# Day 02 - Project 1

## Wine Quality Prediction using Random Forest Regressor

### Step 1: Import Required Libraries
We import all necessary libraries for data handling, modeling, evaluation, and visualization.

In [None]:
# Numpy and Pandas for data manipulation
import numpy as np
import pandas as pd

# Matplotlib and Seaborn for data visualization
import matplotlib.pyplot as plt
import seaborn as sns

# Scikit-learn for model building and evaluation
from sklearn.model_selection import train_test_split
from sklearn.ensemble import RandomForestRegressor
from sklearn.metrics import mean_squared_error, r2_score

### Step 2: Load the Dataset
We load the red wine quality dataset. It uses semicolons as separators.

In [None]:
# Load the dataset (must be in the same directory)
df = pd.read_csv('winequality-red.csv', sep=';')
# Display first few rows to understand structure
df.head()

### Step 3: Explore the Dataset
Check data types, missing values, and feature distributions.

In [None]:
# Display structure and check for nulls
df.info()

# Statistical summary of numerical features
df.describe()

# Check for missing values in each column
df.isnull().sum()

In [None]:
# Plot the distribution of wine quality scores
sns.countplot(x='quality', data=df)
plt.title('Distribution of Wine Quality')
plt.xlabel('Quality Score')
plt.ylabel('Frequency')
plt.show()

### Step 4: Prepare Features and Target Variable
We separate the input features (X) and the target (y).

In [None]:
# X = all columns except 'quality'
X = df.drop('quality', axis=1)
# y = the target column we want to predict
y = df['quality']

### Step 5: Train-Test Split
Split data to train the model on part of it and test on unseen data.

In [None]:
# 80% training and 20% testing split
X_train, X_test, y_train, y_test = train_test_split(X, y, test_size=0.2, random_state=42)

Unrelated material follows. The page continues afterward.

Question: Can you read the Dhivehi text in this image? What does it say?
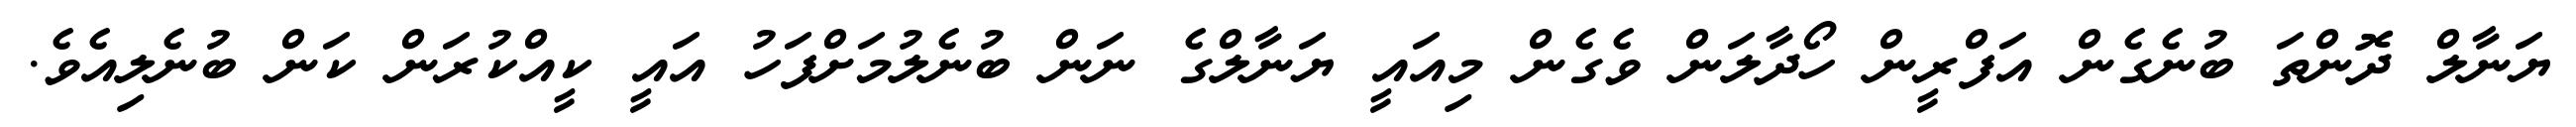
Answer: ޔަނާލް ދޮންތަ ބުނެގެން އަފްރީން ހޯދާލަން ވެގެން މިއައީ ޔަނާލްގެ ނަން ބުނެލުމަށްފަހު އައީ ކީއްކުރަން ކަން ބުނެލިއެވެ.

# Confirm shapes of the split
print('X_train shape:', X_train.shape)
print('X_test shape:', X_test.shape)

### Step 6: Train the Random Forest Regressor
Fit the model on training data to learn patterns.

In [None]:
# Create a Random Forest Regressor model
model = RandomForestRegressor(random_state=42)

# Train the model on the training data
model.fit(X_train, y_train)

### Step 7: Make Predictions
Use the trained model to predict wine quality on the test set.

In [None]:
# Predict on test data
y_pred = model.predict(X_test)

### Step 8: Evaluate the Model
Measure the model's performance using MSE, RMSE, and R² score.

In [None]:
# Mean Squared Error
mse = mean_squared_error(y_test, y_pred)
# Root Mean Squared Error
rmse = np.sqrt(mse)
# R-squared Score
r2 = r2_score(y_test, y_pred)

# Print evaluation metrics
print(f'MSE: {mse:.4f}')
print(f'RMSE: {rmse:.4f}')
print(f'R² Score: {r2:.4f}')

### Step 9: Feature Importance
Understand which features most influenced the model's decisions.

In [None]:
# Get importance of each feature from the model
importances = model.feature_importances_
feature_names = X.columns

# Create a DataFrame for visualization
importance_df = pd.DataFrame({'Feature': feature_names, 'Importance': importances})
importance_df = importance_df.sort_values(by='Importance', ascending=False)

# Plot feature importance
plt.figure(figsize=(10,6))
sns.barplot(x='Importance', y='Feature', data=importance_df)
plt.title('Feature Importances')
plt.show()

### ✅ Final Notes
- Random Forest Regressors handle non-linear relationships well.
- RMSE provides a sense of how far off predictions are (on average).
- Feature importances are a great way to understand model logic.
- Always explore and understand your data before training models.